## Exercise requirements
Go over the data and copy out each line with "mask" in it.

## Records for processing
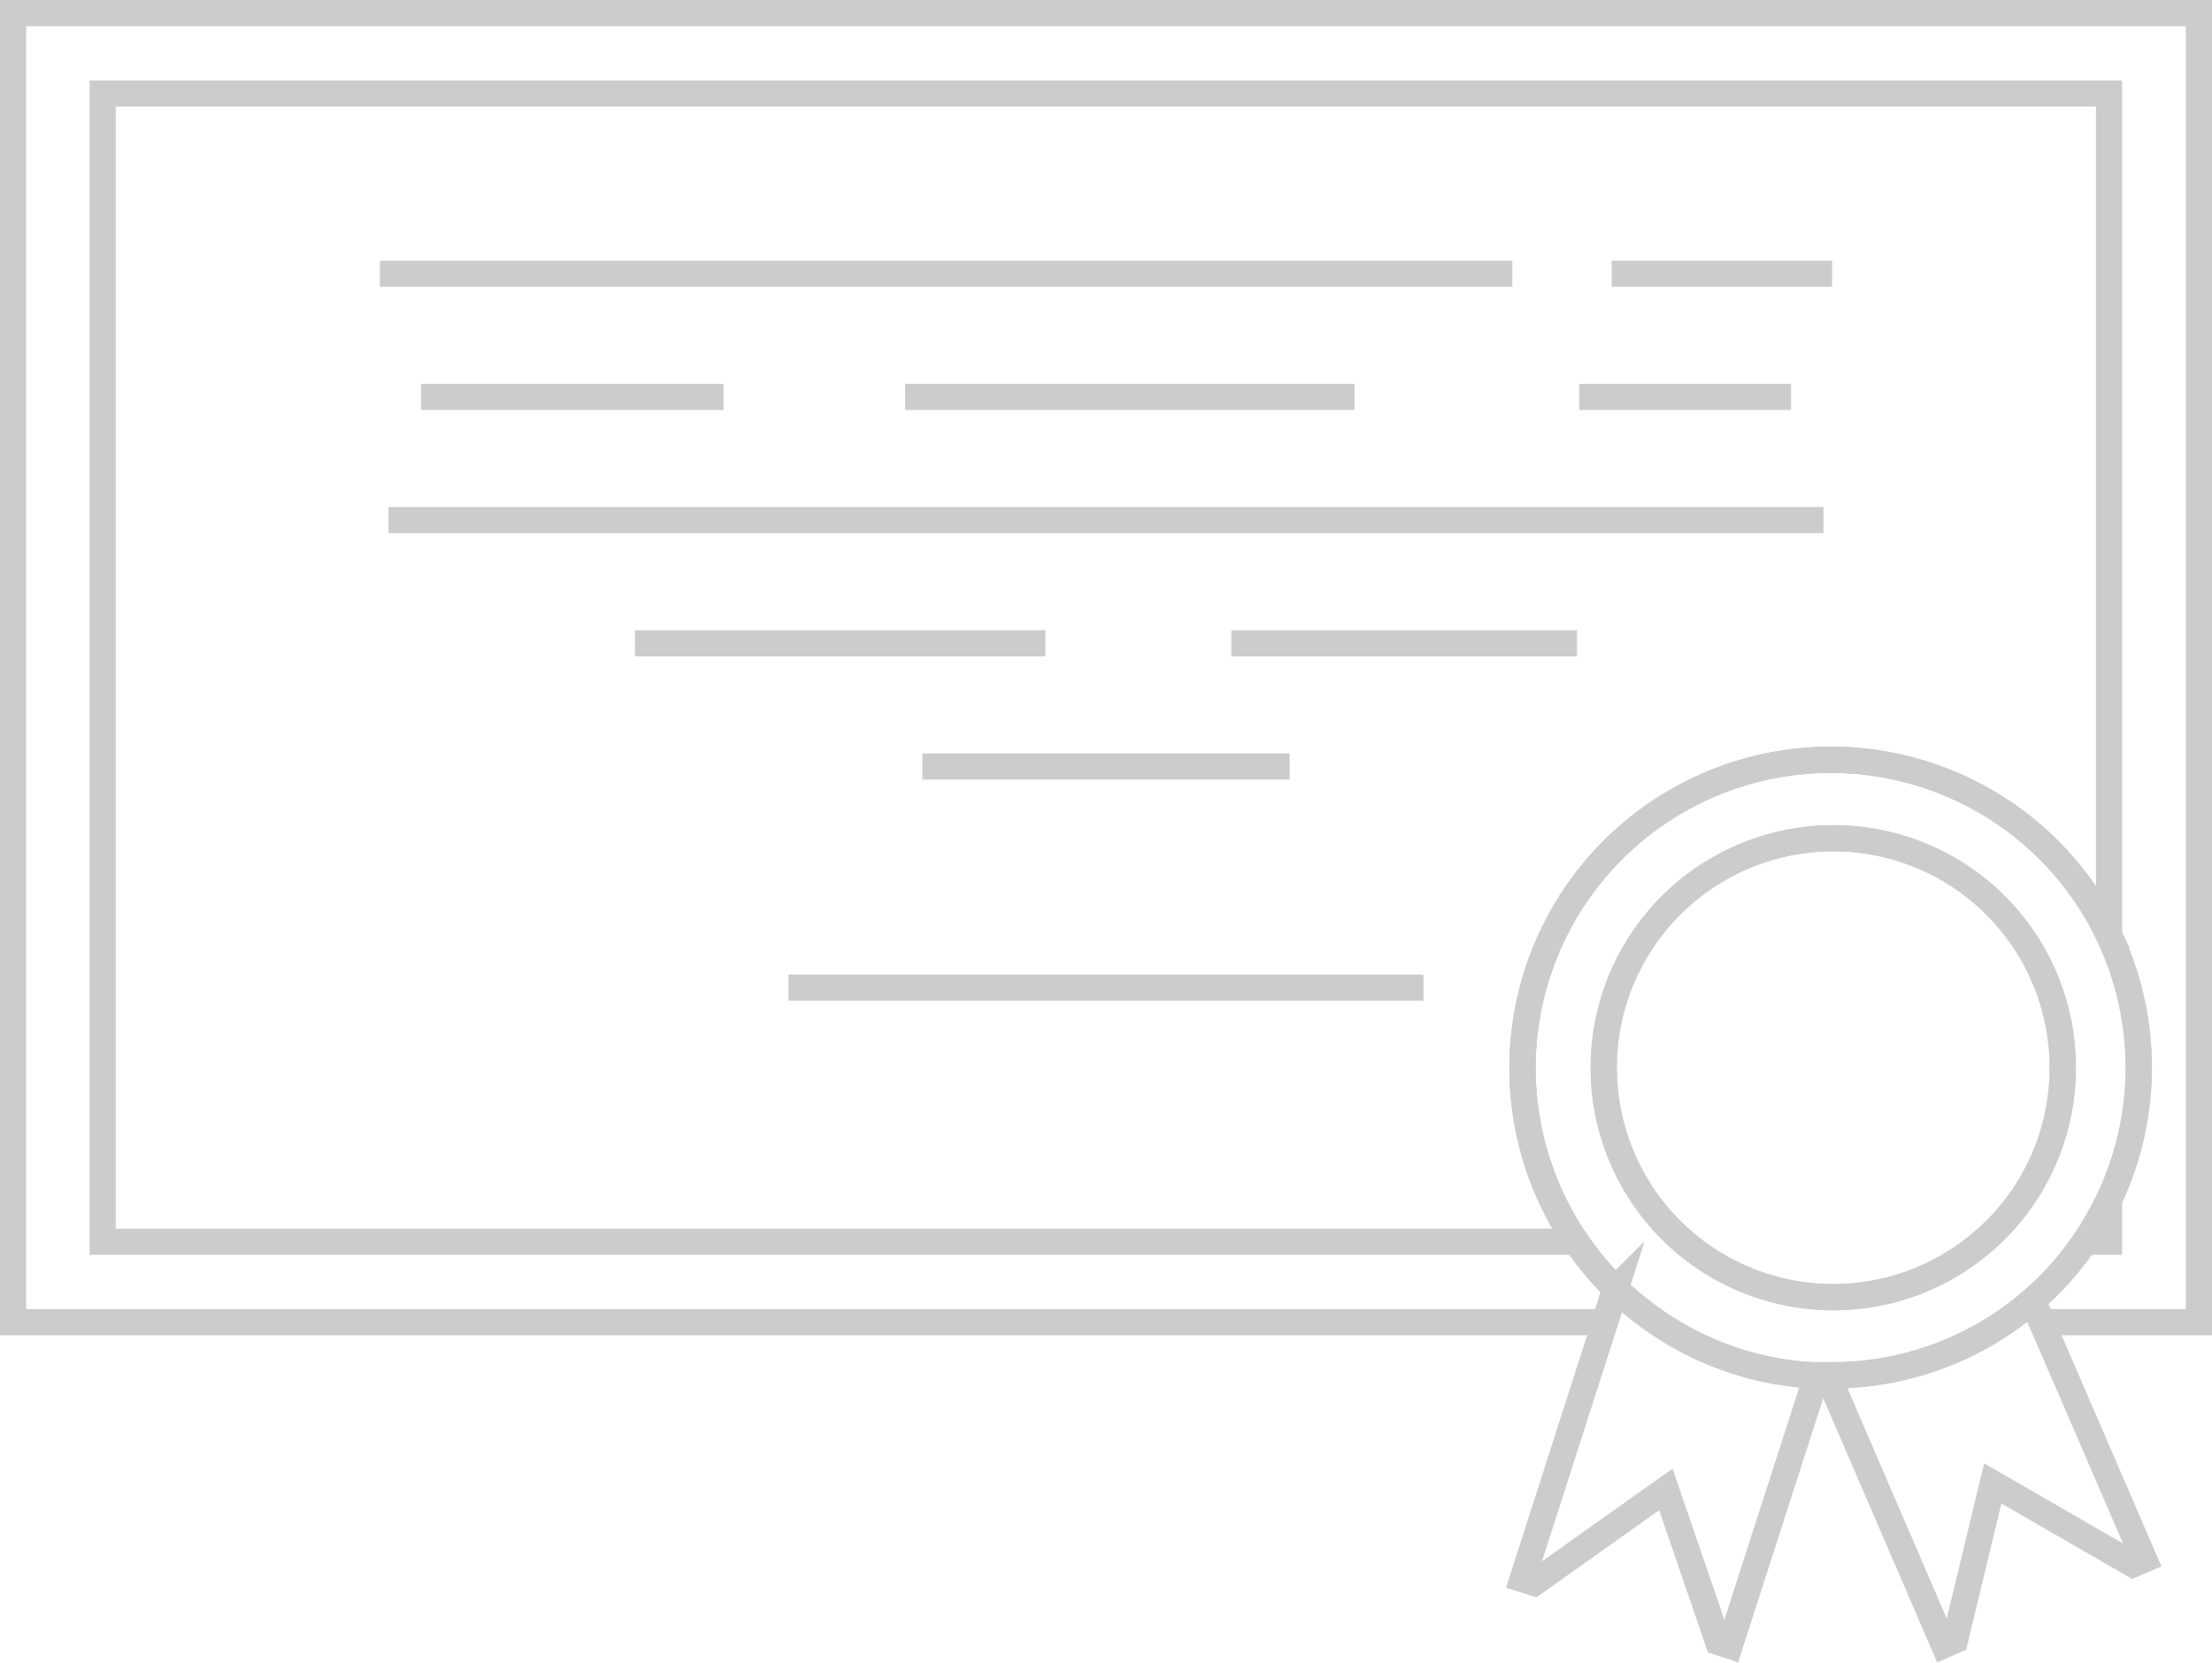 <svg id="Ebene_1" data-name="Ebene 1" xmlns="http://www.w3.org/2000/svg" viewBox="0 0 169.1 127.17"><defs><style>.cls-1{fill:none;stroke:#cdcccc;stroke-miterlimit:10;stroke-width:2px;}</style></defs><title>zertifikat</title><path class="cls-1" d="M191.87,52.57v100.1h-12l-.71-1.65a23.26,23.26,0,0,0,4-4.5,24.78,24.78,0,0,0,1.84-3.2,23.6,23.6,0,0,0,0-20.24,23.57,23.57,0,1,0-40.74,23.44,24.5,24.5,0,0,0,3,3.58l-.82,2.57H24.77V52.57Z" transform="translate(-23.77 -51.57)"/><path class="cls-1" d="M185,58.72v64.36a23.57,23.57,0,1,0-40.74,23.44H31.62V58.72Z" transform="translate(-23.77 -51.57)"/><path class="cls-1" d="M185,143.32v3.2h-1.84A24.78,24.78,0,0,0,185,143.32Z" transform="translate(-23.77 -51.57)"/><line class="cls-1" x1="29.04" y1="20.93" x2="115.61" y2="20.93"/><line class="cls-1" x1="123.21" y1="20.93" x2="140.06" y2="20.93"/><line class="cls-1" x1="32.18" y1="30.35" x2="55.31" y2="30.35"/><line class="cls-1" x1="69.19" y1="30.35" x2="103.55" y2="30.35"/><line class="cls-1" x1="120.73" y1="30.35" x2="136.92" y2="30.35"/><line class="cls-1" x1="29.7" y1="39.77" x2="139.4" y2="39.77"/><line class="cls-1" x1="48.54" y1="49.19" x2="79.92" y2="49.19"/><line class="cls-1" x1="94.13" y1="49.19" x2="120.56" y2="49.19"/><line class="cls-1" x1="70.51" y1="58.61" x2="98.59" y2="58.61"/><path class="cls-1" d="M162.66,156.75,156,177.42l-.88-.29-4-11.67-10.07,7.15-.89-.28,6.31-19.66.82-2.57a22.94,22.94,0,0,0,3.15,2.57A23.29,23.29,0,0,0,162.66,156.75Z" transform="translate(-23.77 -51.57)"/><path class="cls-1" d="M187.69,170.82l-.86.37L176.11,165l-2.89,12-.84.37-8.9-20.65h.25A23.37,23.37,0,0,0,177,152.67a23,23,0,0,0,2.14-1.65l.71,1.65Z" transform="translate(-23.77 -51.57)"/><path class="cls-1" d="M185,123.08a23.57,23.57,0,1,0-40.74,23.44,24.5,24.5,0,0,0,3,3.58,22.94,22.94,0,0,0,3.15,2.57,23.29,23.29,0,0,0,12.22,4.08c.27,0,.54,0,.82,0h.25A23.37,23.37,0,0,0,177,152.67a23,23,0,0,0,2.14-1.65,23.26,23.26,0,0,0,4-4.5,24.78,24.78,0,0,0,1.84-3.2,23.6,23.6,0,0,0,0-20.24Zm-9.67,23.44a17.54,17.54,0,1,1,6.12-13.31A17.45,17.45,0,0,1,175.35,146.52Z" transform="translate(-23.77 -51.57)"/><path class="cls-1" d="M181.47,133.21a17.55,17.55,0,1,1-17.54-17.54A17.51,17.51,0,0,1,181.47,133.21Z" transform="translate(-23.77 -51.57)"/><line class="cls-1" x1="60.28" y1="75.52" x2="108.82" y2="75.52"/></svg>
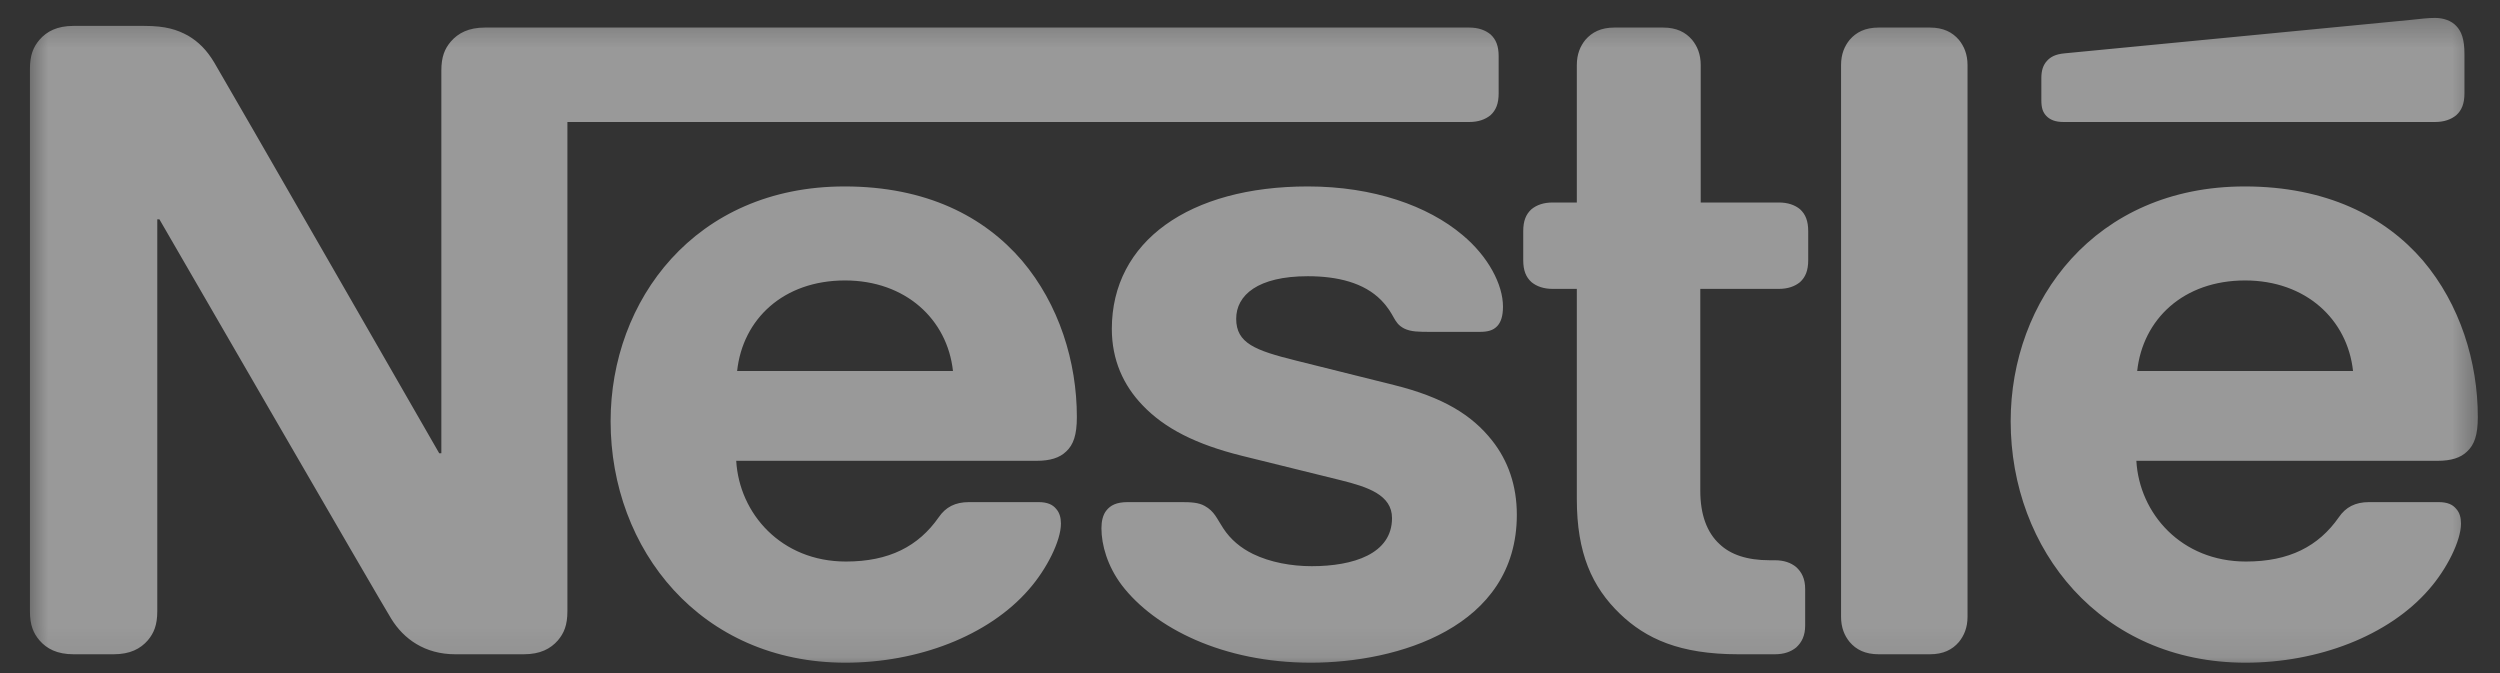<svg width="78" height="21" viewBox="0 0 78 21" fill="none" xmlns="http://www.w3.org/2000/svg">
<rect x="0" y="0" width="78" height="21" fill="#333333" stroke="none"/>
<mask id="mask0_8151_134928" style="mask-type:luminance" maskUnits="userSpaceOnUse" x="0" y="0" width="78" height="21">
<path d="M77.559 0.309H0.672V20.927H77.559V0.309Z" fill="white"/>
</mask>
<g mask="url(#mask0_8151_134928)">
<path d="M14.067 1.295C13.877 1.518 13.77 1.768 13.77 2.202V14.141H13.703C13.703 14.141 7.009 2.491 6.685 1.952C6.457 1.57 6.201 1.308 5.864 1.11C5.526 0.927 5.176 0.808 4.503 0.808H2.295C1.782 0.808 1.459 0.979 1.231 1.242C1.042 1.465 0.934 1.716 0.934 2.149V19.072C0.934 19.506 1.042 19.756 1.231 19.979C1.459 20.242 1.782 20.413 2.295 20.413H3.547C4.058 20.413 4.382 20.242 4.611 19.979C4.799 19.756 4.907 19.506 4.907 19.072V6.843H4.974C4.974 6.843 11.925 18.861 12.209 19.308C12.598 19.939 13.258 20.413 14.202 20.413H16.343C16.855 20.413 17.179 20.242 17.407 19.979C17.596 19.756 17.703 19.506 17.703 19.072V3.806H45.842C46.125 3.806 46.34 3.727 46.502 3.596C46.677 3.438 46.758 3.227 46.758 2.912V1.755C46.758 1.439 46.677 1.229 46.502 1.071C46.34 0.94 46.125 0.86 45.842 0.86H15.131C14.619 0.86 14.296 1.032 14.067 1.295ZM26.351 5.817C21.678 5.817 19.051 9.381 19.051 13.142C19.051 17.152 21.866 20.676 26.379 20.676C28.628 20.676 30.837 19.848 32.103 18.388C32.656 17.757 33.101 16.875 33.101 16.337C33.101 16.152 33.058 15.995 32.952 15.877C32.844 15.745 32.682 15.666 32.4 15.666H30.231C29.799 15.666 29.503 15.824 29.288 16.139C28.654 17.047 27.738 17.52 26.392 17.52C24.371 17.52 23.065 16.021 22.97 14.377H32.346C32.763 14.377 33.058 14.285 33.262 14.089C33.49 13.878 33.598 13.575 33.598 13.01C33.598 11.288 33.045 9.5 31.887 8.132C30.702 6.751 28.897 5.817 26.351 5.817ZM40.803 5.817C37.114 5.817 34.689 7.527 34.689 10.262C34.689 11.235 35.053 12.024 35.646 12.642C36.334 13.366 37.316 13.865 38.744 14.22L41.828 14.982C42.677 15.193 43.431 15.442 43.431 16.165C43.431 17.284 42.219 17.665 40.926 17.665C40.293 17.665 39.633 17.546 39.094 17.284C38.716 17.099 38.394 16.836 38.164 16.481C37.963 16.179 37.895 15.955 37.585 15.784C37.396 15.679 37.166 15.666 36.858 15.666H35.188C34.823 15.666 34.649 15.771 34.528 15.916C34.406 16.06 34.365 16.271 34.365 16.481C34.365 17.007 34.554 17.665 34.999 18.256C36.023 19.597 38.165 20.676 40.898 20.676C43.593 20.676 47.325 19.584 47.325 16.06C47.325 15.154 47.054 14.377 46.556 13.747C45.923 12.944 45.021 12.392 43.485 12.011L40.427 11.248C39.161 10.933 38.569 10.709 38.569 9.946C38.569 9.21 39.242 8.618 40.803 8.618C41.721 8.618 42.555 8.816 43.095 9.368C43.539 9.829 43.458 10.065 43.809 10.249C44.023 10.354 44.266 10.354 44.644 10.354H46.166C46.407 10.354 46.584 10.315 46.718 10.17C46.826 10.051 46.893 9.868 46.893 9.565C46.893 8.881 46.435 8.001 45.627 7.33C44.55 6.422 42.852 5.817 40.803 5.817ZM49.197 6.318H48.442C48.159 6.318 47.944 6.396 47.783 6.527C47.607 6.686 47.525 6.896 47.525 7.211V8.119C47.525 8.435 47.607 8.644 47.783 8.803C47.944 8.934 48.159 9.013 48.442 9.013H49.197V15.574C49.197 17.257 49.668 18.308 50.543 19.151C51.351 19.926 52.402 20.413 54.234 20.413H55.379C55.663 20.413 55.877 20.334 56.039 20.203C56.214 20.044 56.321 19.834 56.321 19.519V18.375C56.321 18.059 56.214 17.849 56.039 17.691C55.877 17.559 55.663 17.48 55.379 17.48H55.218C54.49 17.48 53.991 17.297 53.655 16.981C53.251 16.613 53.049 16.047 53.049 15.311V9.013H55.5C55.783 9.013 55.999 8.934 56.16 8.803C56.334 8.644 56.416 8.435 56.416 8.119V7.211C56.416 6.896 56.334 6.686 56.16 6.527C55.999 6.396 55.783 6.318 55.5 6.318H53.062V2.031C53.062 1.689 52.954 1.439 52.793 1.242C52.591 1.006 52.308 0.86 51.891 0.86H50.368C49.95 0.86 49.668 1.006 49.465 1.242C49.304 1.439 49.197 1.689 49.197 2.031V6.318ZM57.441 19.242C57.441 19.584 57.548 19.834 57.71 20.031C57.911 20.268 58.195 20.413 58.612 20.413H60.214C60.633 20.413 60.915 20.268 61.117 20.031C61.278 19.834 61.387 19.584 61.387 19.242V2.032C61.387 1.69 61.278 1.44 61.117 1.242C60.915 1.006 60.633 0.86 60.214 0.86H58.612C58.195 0.86 57.911 1.006 57.71 1.242C57.548 1.44 57.441 1.69 57.441 2.032V19.242ZM22.998 11.576C23.172 9.959 24.438 8.75 26.365 8.75C28.25 8.75 29.556 9.959 29.733 11.576H22.998ZM75.974 3.806C76.256 3.806 76.473 3.727 76.634 3.596C76.809 3.438 76.891 3.227 76.891 2.912V1.689C76.891 1.215 76.796 0.979 76.634 0.808C76.486 0.65 76.243 0.559 75.974 0.559C75.759 0.559 75.543 0.585 75.18 0.624L64.431 1.663C64.121 1.689 63.973 1.781 63.866 1.899C63.744 2.031 63.69 2.202 63.69 2.439V3.122C63.69 3.386 63.744 3.504 63.838 3.609C63.958 3.741 64.135 3.806 64.377 3.806H75.974ZM70.035 5.817C65.36 5.817 62.733 9.381 62.733 13.142C62.733 17.152 65.549 20.676 70.061 20.676C72.311 20.676 74.519 19.848 75.785 18.388C76.338 17.757 76.783 16.875 76.783 16.337C76.783 16.152 76.742 15.995 76.634 15.877C76.527 15.745 76.365 15.666 76.082 15.666H73.913C73.483 15.666 73.186 15.824 72.971 16.139C72.338 17.047 71.421 17.52 70.074 17.52C68.053 17.52 66.748 16.021 66.654 14.377H76.056C76.473 14.377 76.77 14.285 76.971 14.089C77.2 13.878 77.308 13.575 77.308 13.01C77.308 11.288 76.755 9.5 75.598 8.132C74.412 6.751 72.58 5.817 70.035 5.817ZM66.68 11.576C66.856 9.959 68.122 8.75 70.048 8.75C71.934 8.75 73.24 9.959 73.415 11.576H66.68Z" fill="white" fill-opacity="0.5"/>
</g>
</svg>

## Solution to this problem
<mask id="mask0_8151_134928" style="mask-type:luminance" maskUnits="userSpaceOnUse" x="0" y="0" width="78" height="21">
</mask>
<g mask="url(#mask0_8151_134928)">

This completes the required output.